§ Work task: All the entries need to be duplicated exactly, with the pictures omitted.

Records from a data collection:
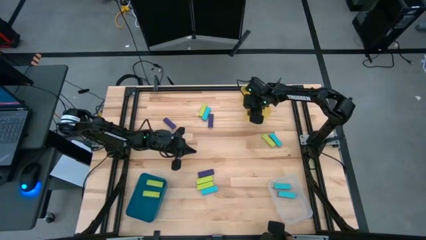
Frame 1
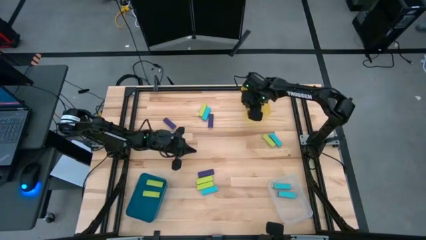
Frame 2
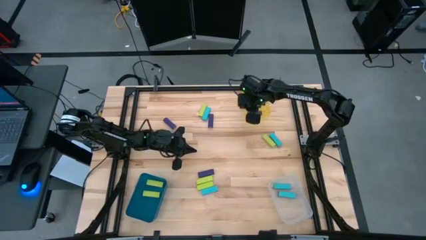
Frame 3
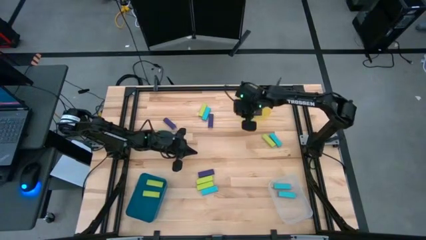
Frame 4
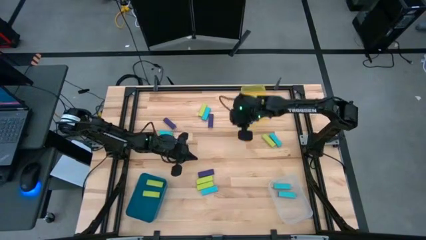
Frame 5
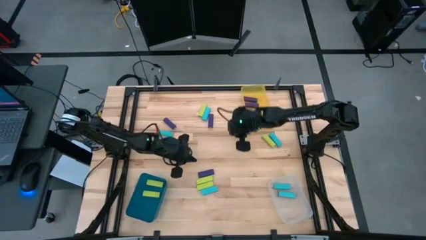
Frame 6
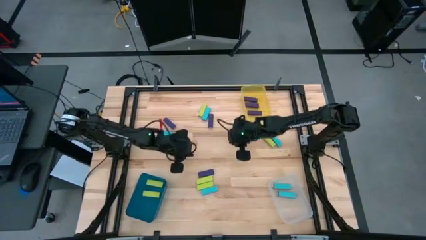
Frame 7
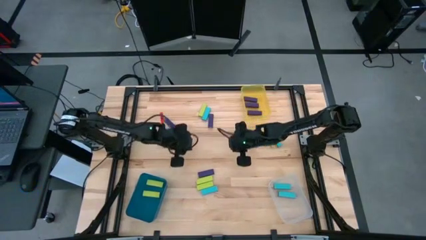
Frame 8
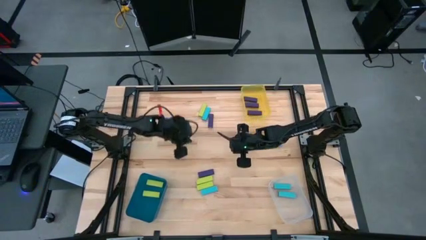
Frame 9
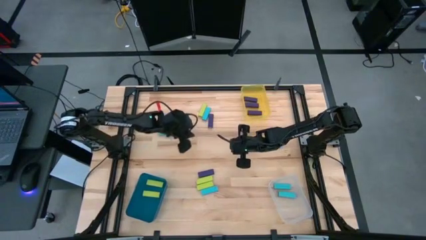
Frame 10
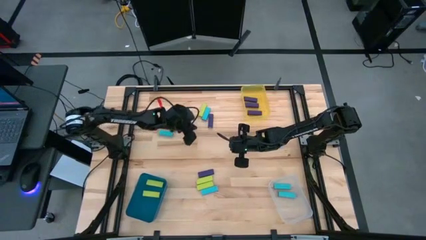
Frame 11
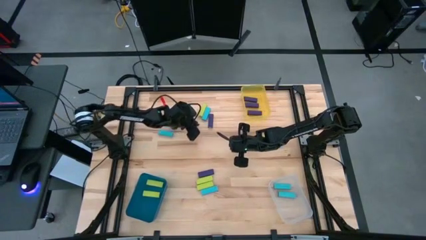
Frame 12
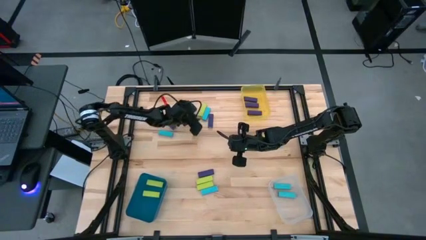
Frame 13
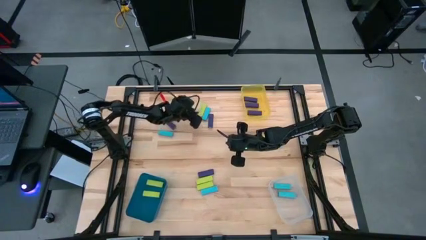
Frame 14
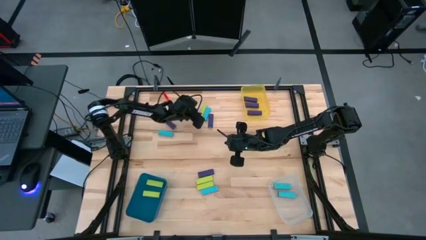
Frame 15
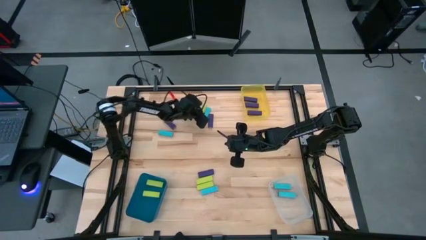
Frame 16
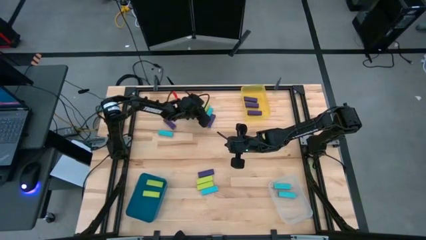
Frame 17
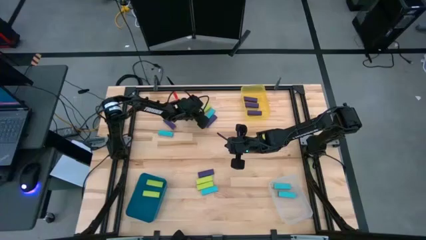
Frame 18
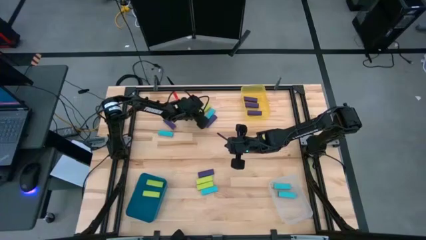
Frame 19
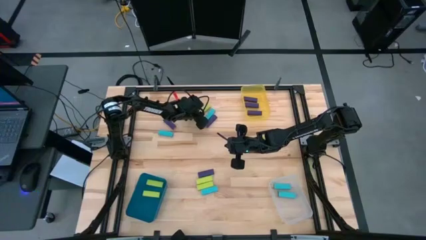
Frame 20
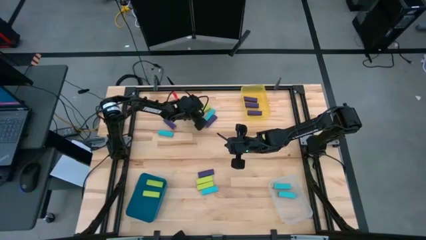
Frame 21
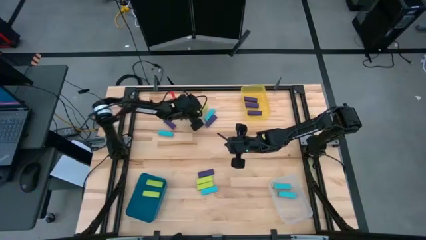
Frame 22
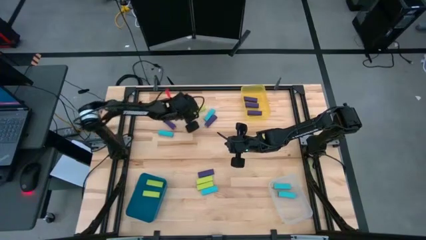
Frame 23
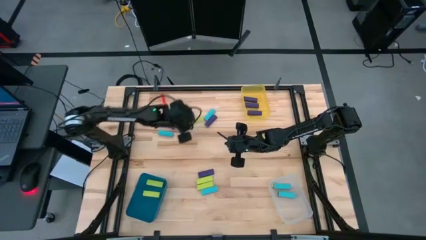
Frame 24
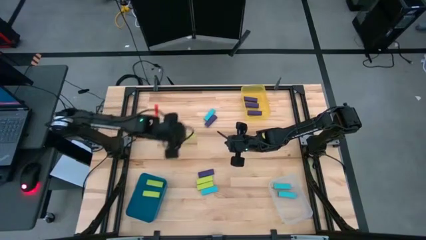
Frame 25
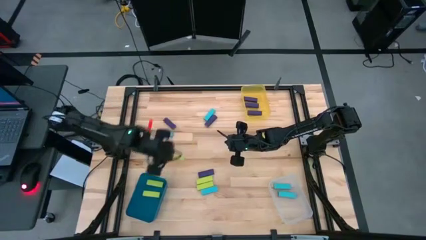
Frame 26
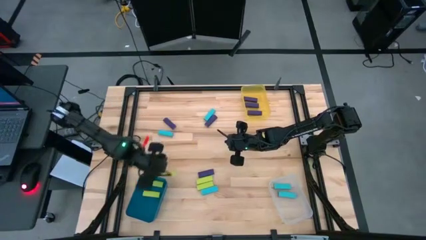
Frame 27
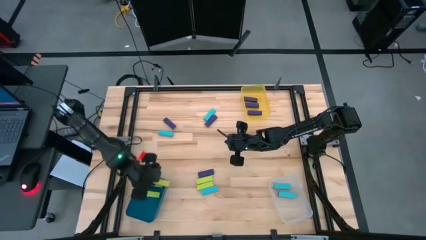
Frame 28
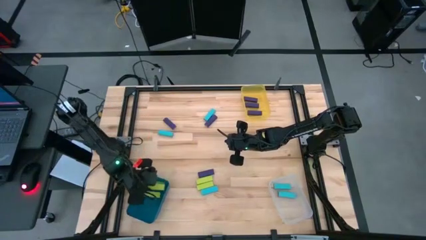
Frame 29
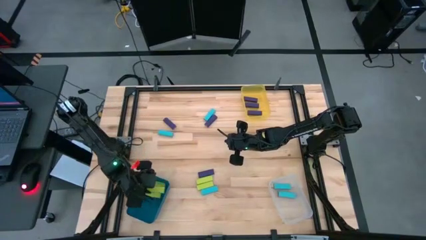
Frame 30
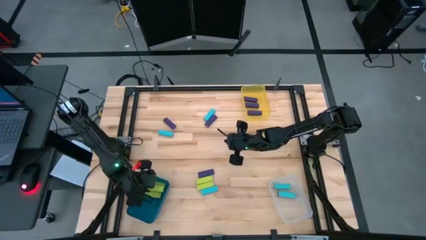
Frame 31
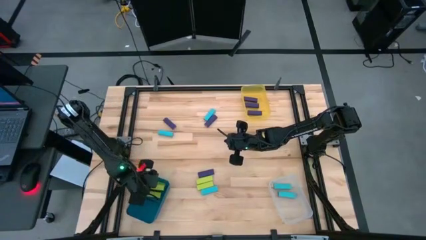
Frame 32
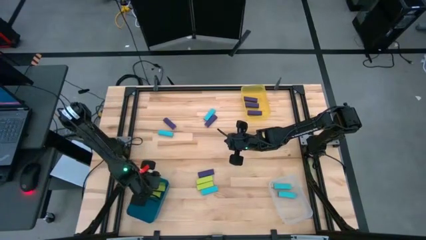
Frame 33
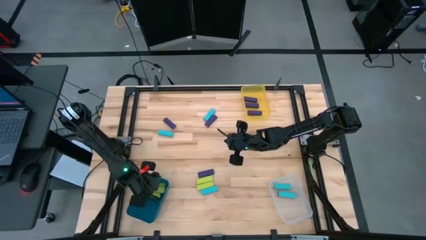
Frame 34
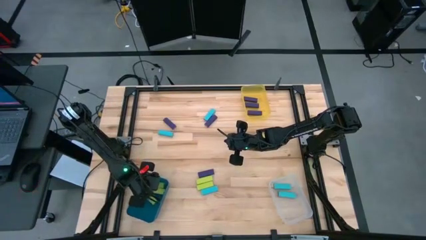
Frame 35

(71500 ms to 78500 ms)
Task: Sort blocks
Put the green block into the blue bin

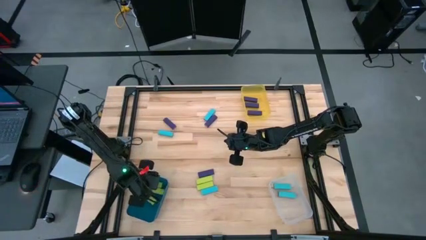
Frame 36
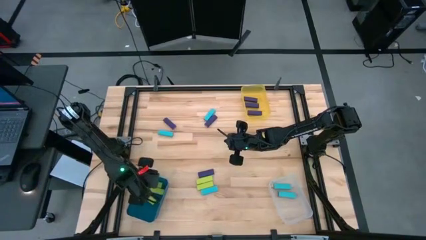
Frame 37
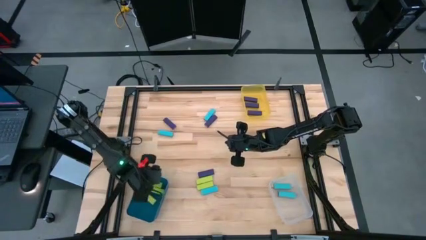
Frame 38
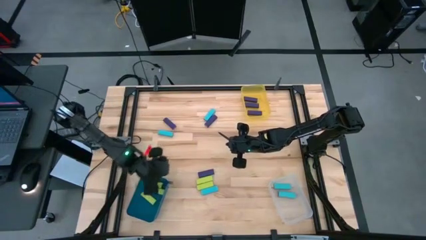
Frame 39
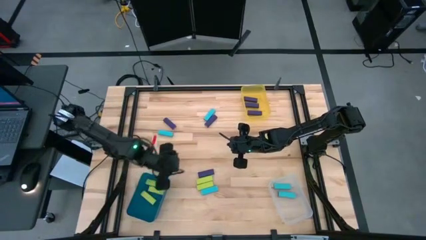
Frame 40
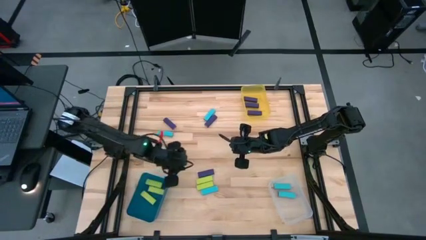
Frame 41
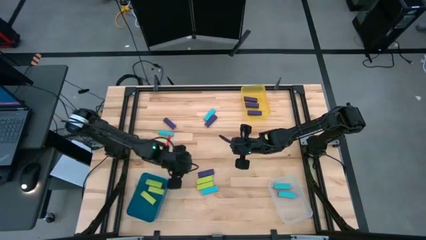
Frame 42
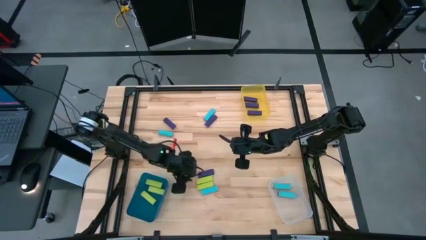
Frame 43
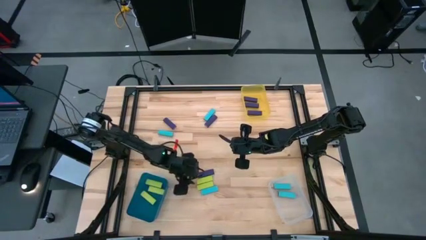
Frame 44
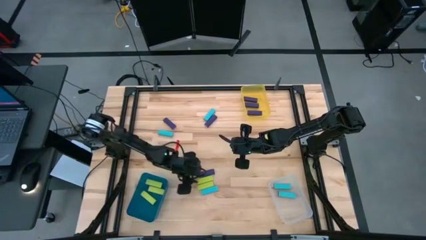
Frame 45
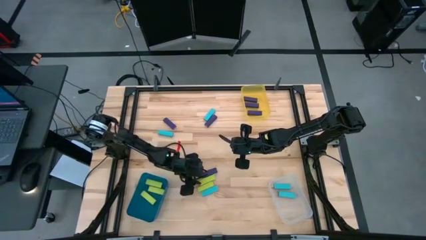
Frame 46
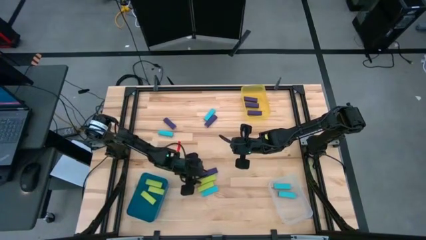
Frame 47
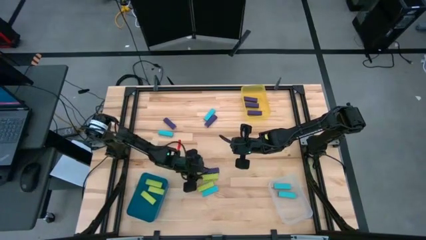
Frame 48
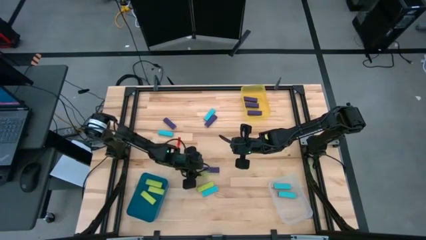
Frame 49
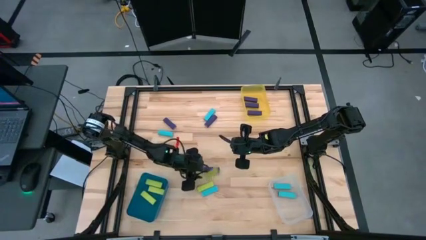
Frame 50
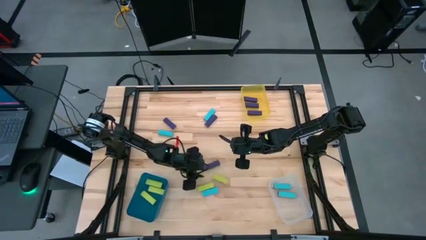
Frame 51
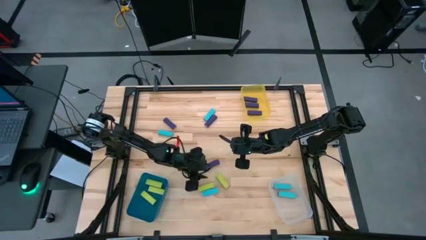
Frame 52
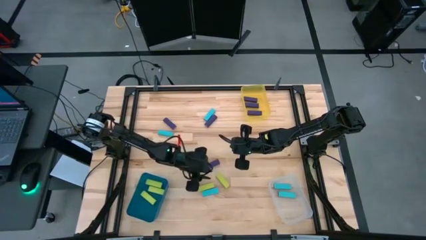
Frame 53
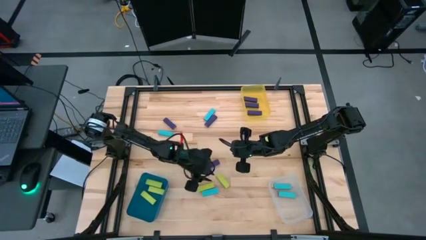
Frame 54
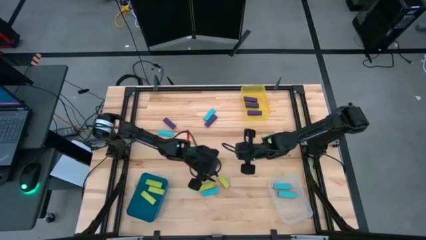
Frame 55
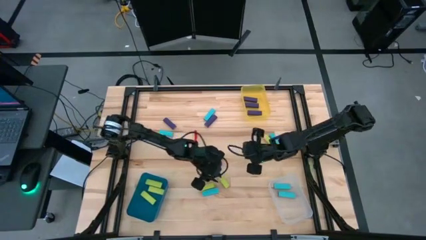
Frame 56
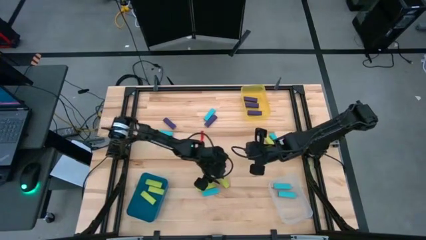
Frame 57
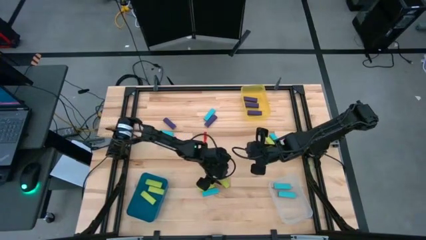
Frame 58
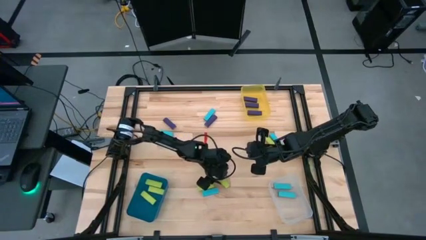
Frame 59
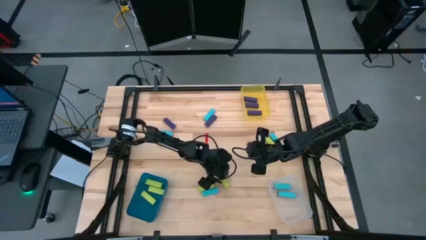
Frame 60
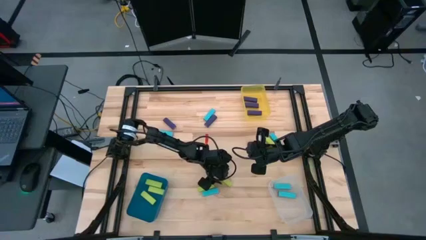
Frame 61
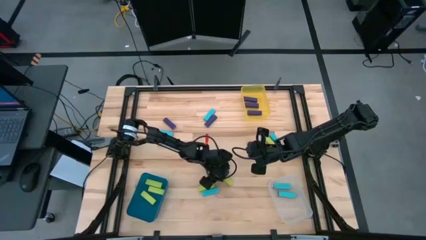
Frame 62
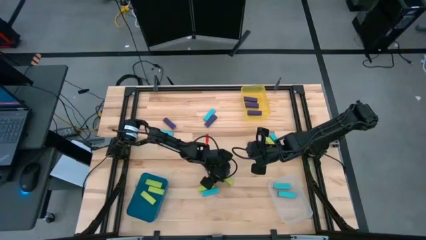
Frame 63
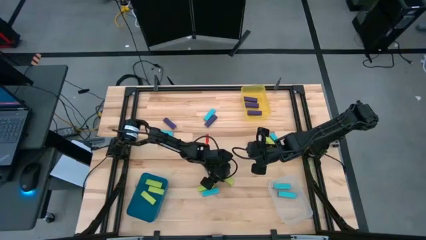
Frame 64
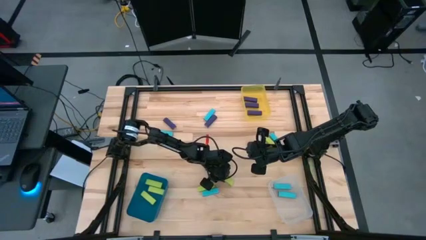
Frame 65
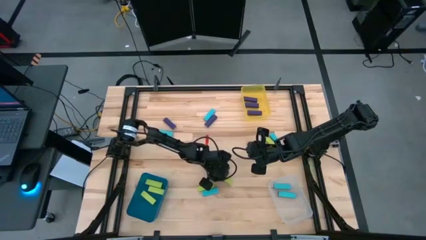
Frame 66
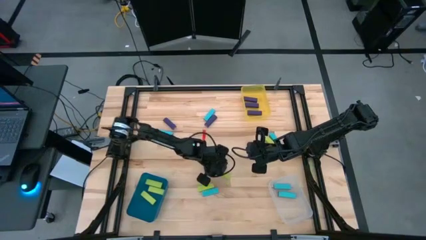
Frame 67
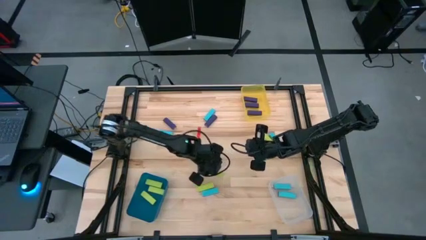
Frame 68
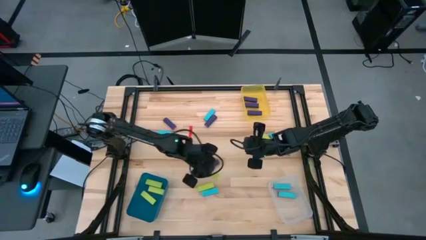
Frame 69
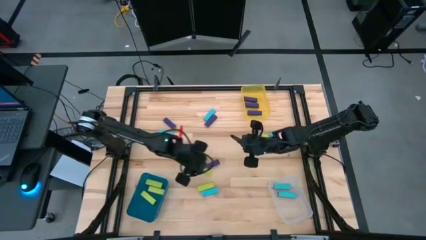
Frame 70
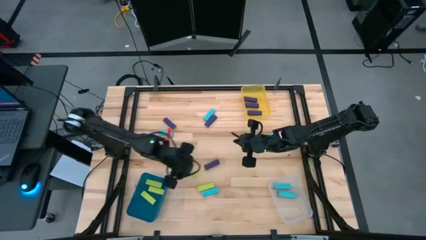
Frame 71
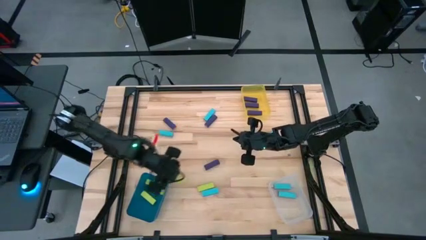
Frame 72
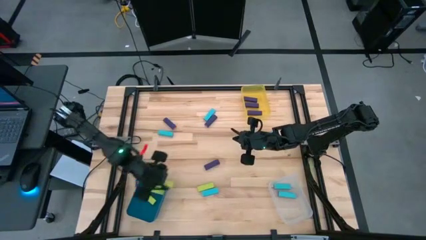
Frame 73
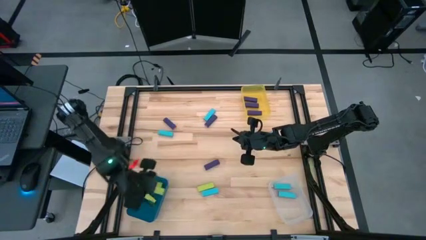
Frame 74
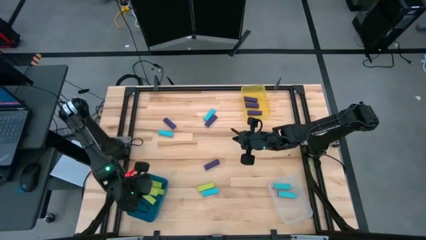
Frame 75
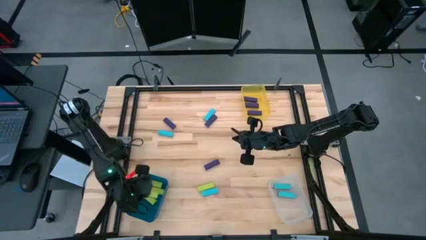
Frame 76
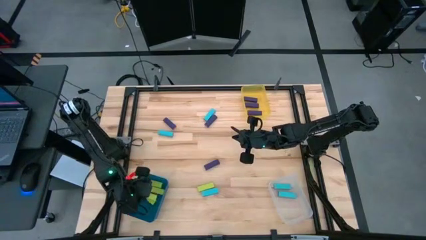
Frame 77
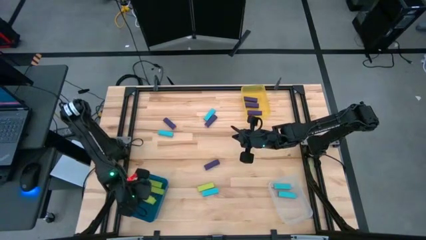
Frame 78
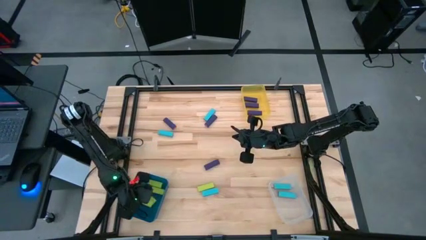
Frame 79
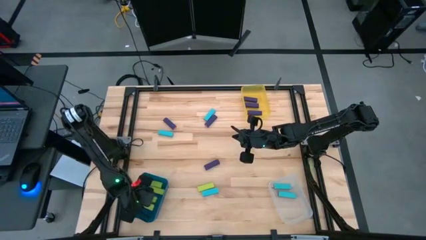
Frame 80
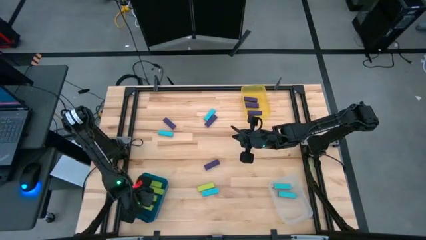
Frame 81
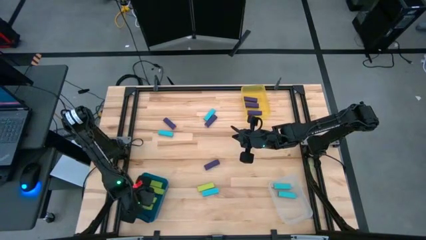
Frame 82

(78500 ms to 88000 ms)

§ Response to this task:
Frame 1
Frame 2
Frame 3
Frame 4
Frame 5
Frame 6
Frame 7
Frame 8
Frame 9
Frame 10
Frame 11
Frame 12
Frame 13
Frame 14
Frame 15
Frame 16
Frame 17
Frame 18
Frame 19
Frame 20
Frame 21
Frame 22
Frame 23
Frame 24
Frame 25
Frame 26
Frame 27
Frame 28
Frame 29
Frame 30
Frame 31
Frame 32
Frame 33
Frame 34
Frame 35

(71500 ms to 78500 ms)
Task: Sort blocks
Put the green block into the blue bin

Frame 36
Frame 37
Frame 38
Frame 39
Frame 40
Frame 41
Frame 42
Frame 43
Frame 44
Frame 45
Frame 46
Frame 47
Frame 48
Frame 49
Frame 50
Frame 51
Frame 52
Frame 53
Frame 54
Frame 55
Frame 56
Frame 57
Frame 58
Frame 59
Frame 60
Frame 61
Frame 62
Frame 63
Frame 64
Frame 65
Frame 66
Frame 67
Frame 68
Frame 69
Frame 70
Frame 71
Frame 72
Frame 73
Frame 74
Frame 75
Frame 76
Frame 77
Frame 78
Frame 79
Frame 80
Frame 81
Frame 82

(78500 ms to 88000 ms)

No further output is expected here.